Après vingt ans de péripéties impossibles à résumer ici, en juin 2011, Maïsa reçoit le document officiel l’autorisant à migrer aux États-Unis, « appelée » par son fils cadet, à la faveur des lois du regroupement familial. Je la retrouve à Fogo en tournée d’adieux avant son départ pour les États-Unis chez son fils Jorge et sa « belle-fille » Carlotta (avant de les retrouver à Boston). À cette occasion, des projets sont élaborés, notamment à propos de Madalena, la fille que Jorge a eue avec Justina et qui a six ans. Carlotta, l’actuelle compagne de Jorge (ils ne sont pas mariés), rappelle que Jorge envoie 8 000 Ecv par mois à Justina. Maïsa renchérit en expliquant qu’elle réduit de 5 000 Ecv le loyer de l’appartement qu’elle leur loue. Ils conviennent que 13 000 Ecv par mois est une somme équivalente à un petit salaire. Finalement, Carlotta suggère d’accueillir chez eux Madalena, argumentant que ce sera plus simple pour tout le monde lorsque Maïsa aura immigré aux États-Unis. Il existe bien un enjeu autour du confiage de l’enfant, déjà pour l’accès d’une étrangère à une rente, mais aussi pour l’inscription de la mère, par l’enfant, dans une autre filiation, celle du père de son fils, à défaut de pouvoir y arriver par l’alliance et l’affinité. Nous sommes en outre en présence ici d’une certaine solidarité féminine : les femmes (Maïsa, Carlotta, Justina) comprennent très bien les calculs les unes des autres.

Une autre étape survient lorsque, quelques années plus tard (2013), appelés par leur père cette fois, Jorge et sa soeur (restés officiellement célibataires pour ne pas hypothéquer leur chance de partir à leur tour), reçoivent l’autorisation de migrer aux États-Unis (sous la loi du regroupement familial), accompagnés de leurs enfants mineurs légalement reconnus. Jorge décide d’emmener sa première fille, Madalena (8 ans à ce moment-là), mais aussi Sofia (4 ans) qu’il a eue avec Carlotta. Cette dernière va alors se retrouver seule, sans homme ni enfants, au Cap-Vert (sa famille réside toutefois à proximité).

En proposant d’emmener Madalena en migration, non seulement Jorge se décharge d’avoir à verser une pension mensuelle à la mère de Madalena (Justina), mais il offre à sa fille la possibilité de devenir américaine, d’y suivre une formation et plus tard, à vingt et un ans, de pouvoir à son tour songer à « appeler » sa mère, Justina, aux États-Unis. La stratégie de la mère de Justina, huit ans auparavant, de pousser sa fille dans le lit de Jorge pour avoir un enfant de lui se révèle donc à terme payante.

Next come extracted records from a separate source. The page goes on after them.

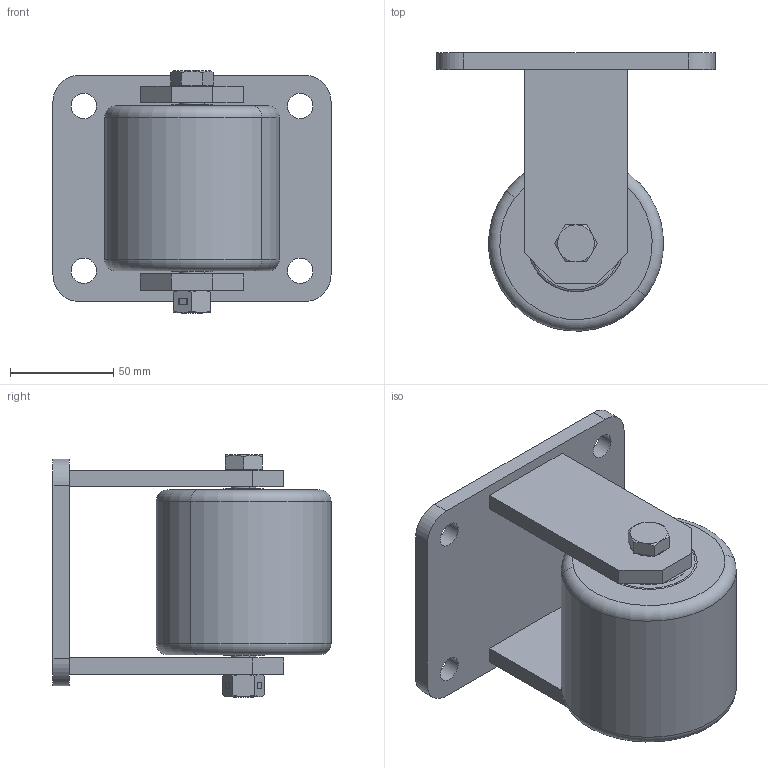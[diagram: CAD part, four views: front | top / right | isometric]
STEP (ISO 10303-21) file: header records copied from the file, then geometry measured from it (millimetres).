
FILE_DESCRIPTION (( 'STEP AP214' ), '1' );
FILE_NAME ('0012670.step', '2021-04-06T09:27:23', ( '' ), ( '' ), 'SwSTEP 2.0', 'SolidWorks 2020', '' );
FILE_SCHEMA (( 'AUTOMOTIVE_DESIGN' ));
Length unit declared in the file: millimetre
Products named in the file (1): 0012670
Bounding box: 135 x 134.95 x 117.5 mm (x, y, z)
Surface area: 118367.4 mm2 (no closed solid volume)
Topology: 0 solids, 14 shells, 168 faces, 384 edges, 240 vertices
Faces by surface type: plane 70, cylinder 48, torus 26, cone 24
Entity records: 6816 total; most frequent: CARTESIAN_POINT 1001, DIRECTION 872, ORIENTED_EDGE 736, EDGE_CURVE 384, AXIS2_PLACEMENT_3D 355, VERTEX_POINT 240, EDGE_LOOP 196, CIRCLE 186
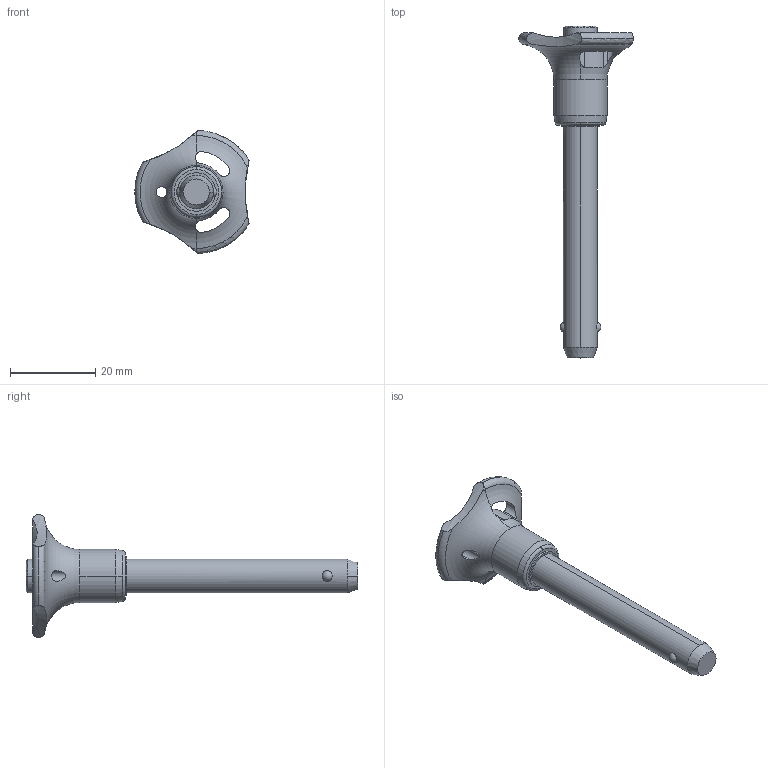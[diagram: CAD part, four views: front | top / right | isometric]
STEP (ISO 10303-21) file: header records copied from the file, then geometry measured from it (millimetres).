
FILE_DESCRIPTION(('STEP AP214'),'1');
FILE_NAME('EH_4210_C18.stp','2017-01-30T14:32:06',('TraceParts'),('TraceParts S.A.'),'Spatial InterOp 3D',' ',' ');
FILE_SCHEMA(('automotive_design'));
Length unit declared in the file: millimetre
Products named in the file (1): 1
Bounding box: 26.75 x 77.72 x 28.82 mm (x, y, z)
Volume: 6234.2 mm3; surface area: 3433.6 mm2
Topology: 1 solids, 1 shells, 53 faces, 152 edges, 101 vertices
Faces by surface type: cylinder 25, torus 16, cone 6, plane 4, sphere 2
Entity records: 3536 total; most frequent: CARTESIAN_POINT 1737, ORIENTED_EDGE 304, DIRECTION 272, EDGE_CURVE 152, AXIS2_PLACEMENT_3D 122, VERTEX_POINT 101, CIRCLE 68, EDGE_LOOP 59
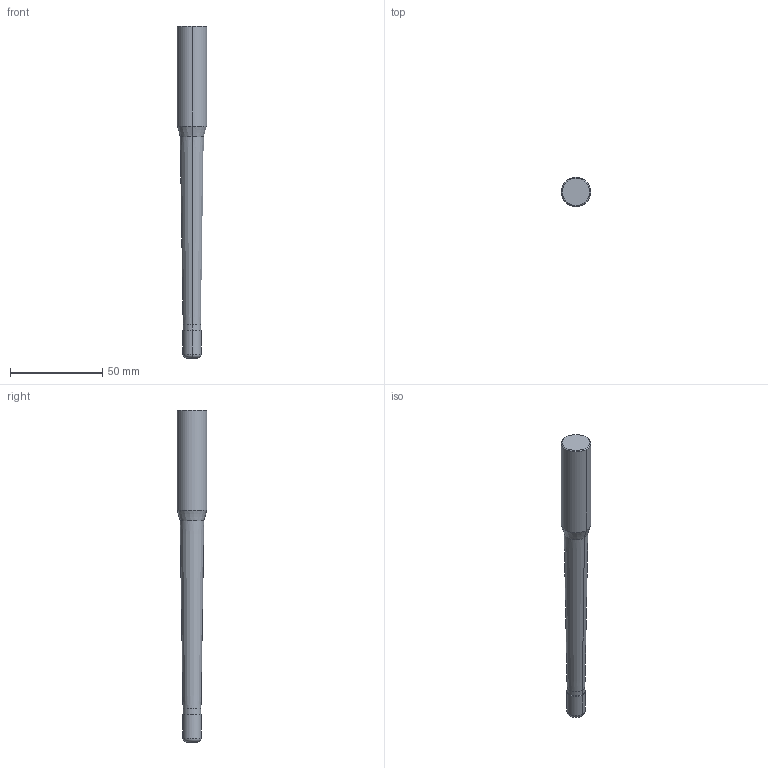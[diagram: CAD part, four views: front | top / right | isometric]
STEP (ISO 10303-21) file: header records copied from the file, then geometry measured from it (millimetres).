
FILE_DESCRIPTION(/* description */ (''),/* implementation_level */ '2;1');
FILE_NAME(/* name */ 'VFHVRBD100R20N120T09.stp',/* time_stamp */ '2023-03-17T09:18:07+09:00',/* author */ (''),/* organization */ (''),/* preprocessor_version */ 'ST-DEVELOPER v16',/* originating_system */ 'SIEMENS PLM Software NX 10.0',/* authorisation */ '');
FILE_SCHEMA (('AUTOMOTIVE_DESIGN { 1 0 10303 214 3 1 1 1 }'));
Length unit declared in the file: millimetre
Products named in the file (1): VFHVRBD100R20N120T09_ASM
Bounding box: 16 x 16 x 180 mm (x, y, z)
Volume: 23525.1 mm3; surface area: 7576.8 mm2
Topology: 2 solids, 2 shells, 20 faces, 41 edges, 31 vertices
Faces by surface type: cone 8, cylinder 6, plane 4, torus 2
Entity records: 656 total; most frequent: DIRECTION 126, CARTESIAN_POINT 93, ORIENTED_EDGE 72, AXIS2_PLACEMENT_3D 54, EDGE_CURVE 36, CIRCLE 23, ADVANCED_FACE 20, FACE_OUTER_BOUND 20
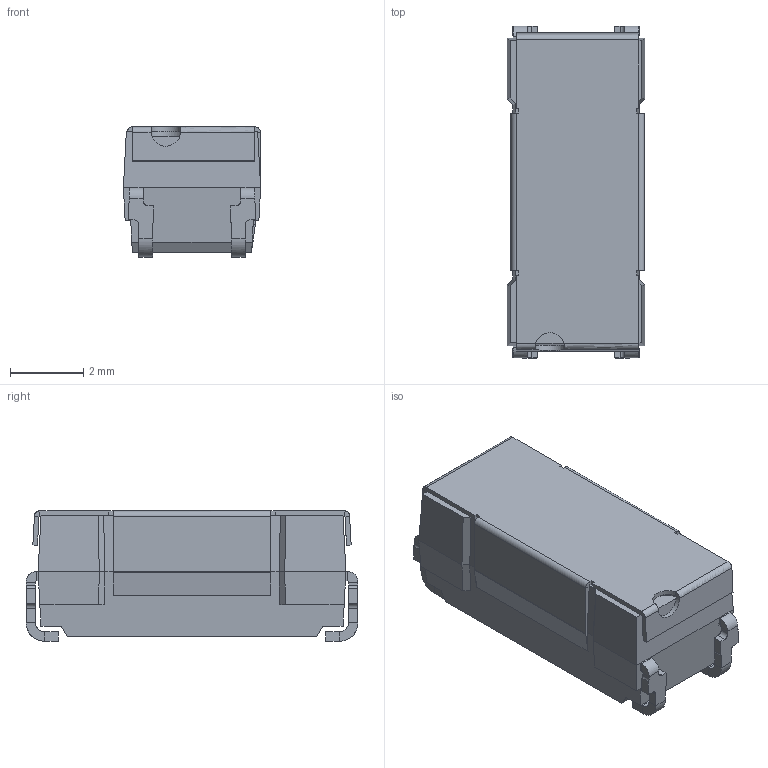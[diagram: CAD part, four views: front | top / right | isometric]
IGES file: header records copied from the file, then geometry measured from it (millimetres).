
Global section: file name: 9913 Solid test; native system: Autodesk Inventor 2014; preprocessor: unknown; author: sseo; organization: COTO TECHNOLOGY; date: 20151118.180432; units: centimetre
Bounding box: 3.76 x 9.09 x 3.57 mm (x, y, z)
Volume: 102.3 mm3; surface area: 184.4 mm2
Topology: 1 solids, 1 shells, 246 faces, 611 edges, 362 vertices
Faces by surface type: bspline 246
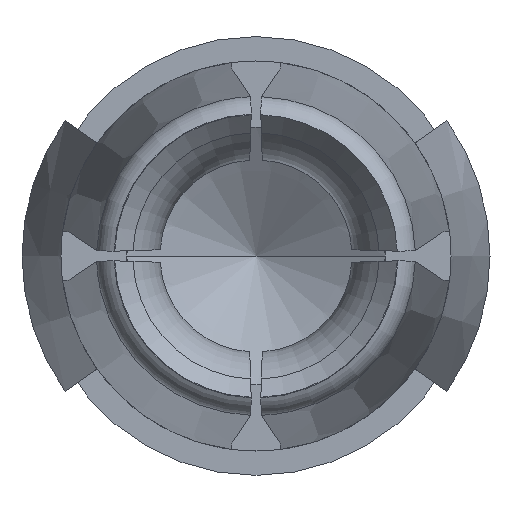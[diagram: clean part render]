
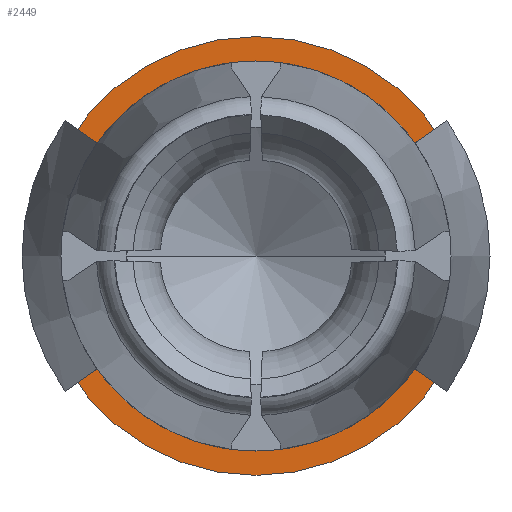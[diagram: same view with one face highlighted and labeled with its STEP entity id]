
A CAD part, front view. The second image highlights one B-rep face of the part: STEP entity #2449.
In plain terms, the highlighted planar face has unit normal (0, -1, 0).
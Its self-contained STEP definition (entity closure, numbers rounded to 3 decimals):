
#482=CARTESIAN_POINT('',(0.,18.1,0.));
#483=DIRECTION('',(0.,1.,0.));
#484=DIRECTION('',(-0.054,0.,0.999));
#485=AXIS2_PLACEMENT_3D('',#482,#483,#484);
#495=CARTESIAN_POINT('',(0.,18.1,0.));
#496=DIRECTION('',(0.,-1.,0.));
#497=DIRECTION('',(-1.,0.,0.));
#498=AXIS2_PLACEMENT_3D('',#495,#496,#497);
#500=CARTESIAN_POINT('',(0.,18.1,0.));
#501=DIRECTION('',(0.,1.,0.));
#502=DIRECTION('',(-1.,0.,0.));
#503=AXIS2_PLACEMENT_3D('',#500,#501,#502);
#505=CARTESIAN_POINT('',(0.,18.1,0.));
#506=DIRECTION('',(0.,1.,0.));
#507=DIRECTION('',(0.054,0.,0.999));
#508=AXIS2_PLACEMENT_3D('',#505,#506,#507);
#510=DIRECTION('',(0.054,0.,0.999));
#511=VECTOR('',#510,0.15);
#512=CARTESIAN_POINT('',(0.092,18.1,1.698));
#513=LINE('',#512,#511);
#514=DIRECTION('',(-0.054,0.,0.999));
#515=VECTOR('',#514,0.15);
#516=CARTESIAN_POINT('',(-0.092,18.1,1.698));
#517=LINE('',#516,#515);
#1774=CARTESIAN_POINT('',(-2.25,18.1,0.));
#1775=CARTESIAN_POINT('',(2.25,18.1,0.));
#1776=VERTEX_POINT('',#1774);
#1777=VERTEX_POINT('',#1775);
#1892=CARTESIAN_POINT('',(0.1,18.1,1.847));
#1893=CARTESIAN_POINT('',(-0.1,18.1,1.847));
#1894=VERTEX_POINT('',#1892);
#1895=VERTEX_POINT('',#1893);
#1896=CARTESIAN_POINT('',(0.092,18.1,1.698));
#1897=VERTEX_POINT('',#1896);
#1898=CARTESIAN_POINT('',(-0.092,18.1,1.698));
#1899=VERTEX_POINT('',#1898);
#2430=CARTESIAN_POINT('',(0.,18.1,0.));
#2431=DIRECTION('',(0.,-1.,0.));
#2432=DIRECTION('',(-1.,0.,0.));
#2433=AXIS2_PLACEMENT_3D('',#2430,#2431,#2432);
#2434=PLANE('',#2433);
#2436=ORIENTED_EDGE('',*,*,#2435,.F.);
#2438=ORIENTED_EDGE('',*,*,#2437,.T.);
#2439=EDGE_LOOP('',(#2436,#2438));
#2440=FACE_OUTER_BOUND('',#2439,.F.);
#2442=ORIENTED_EDGE('',*,*,#2441,.F.);
#2444=ORIENTED_EDGE('',*,*,#2443,.F.);
#2445=ORIENTED_EDGE('',*,*,#2409,.F.);
#2446=ORIENTED_EDGE('',*,*,#2421,.T.);
#2447=EDGE_LOOP('',(#2442,#2444,#2445,#2446));
#2448=FACE_BOUND('',#2447,.F.);
#486=CIRCLE('',#485,1.7);
#499=CIRCLE('',#498,2.25);
#504=CIRCLE('',#503,2.25);
#509=CIRCLE('',#508,1.85);
#2409=EDGE_CURVE('',#1899,#1897,#486,.T.);
#2421=EDGE_CURVE('',#1899,#1895,#517,.T.);
#2435=EDGE_CURVE('',#1776,#1777,#499,.T.);
#2437=EDGE_CURVE('',#1776,#1777,#504,.T.);
#2441=EDGE_CURVE('',#1894,#1895,#509,.T.);
#2443=EDGE_CURVE('',#1897,#1894,#513,.T.);
#2449=ADVANCED_FACE('',(#2440,#2448),#2434,.T.);

Carlotta, son désir d’enfant et sa volonté d’accoucher aux États-Unis

Pour Carlotta, la compagne de Jorge, la situation devient délicate, car pour ne pas hypothéquer ses chances de migrer, Jorge n’a pas souhaité se marier officiellement avec elle (ce qui allongerait les délais pour migrer). Jorge a néanmoins reconnu la paternité de Sofia, qu’il a eue avec Carlotta. Il pourra en conséquence l’emmener aux États-Unis, à la différence de Carlotta, sa mère. En définitive, Jorge partira avec Sofia et Madalena (la fille qu’il a eue avec Justina). Carlotta restera seule à Fogo, comme tant d’autres dont les compagnons sont en migration.

Anticipant ce moment qu’elle souhaitait autant qu’elle le redoutait, Carlotta, conseillée par celle qu’elle considère comme sa « belle-mère », Maïsa, met au point avec elle une stratégie dans l’éventualité où Jorge viendrait à l’oublier.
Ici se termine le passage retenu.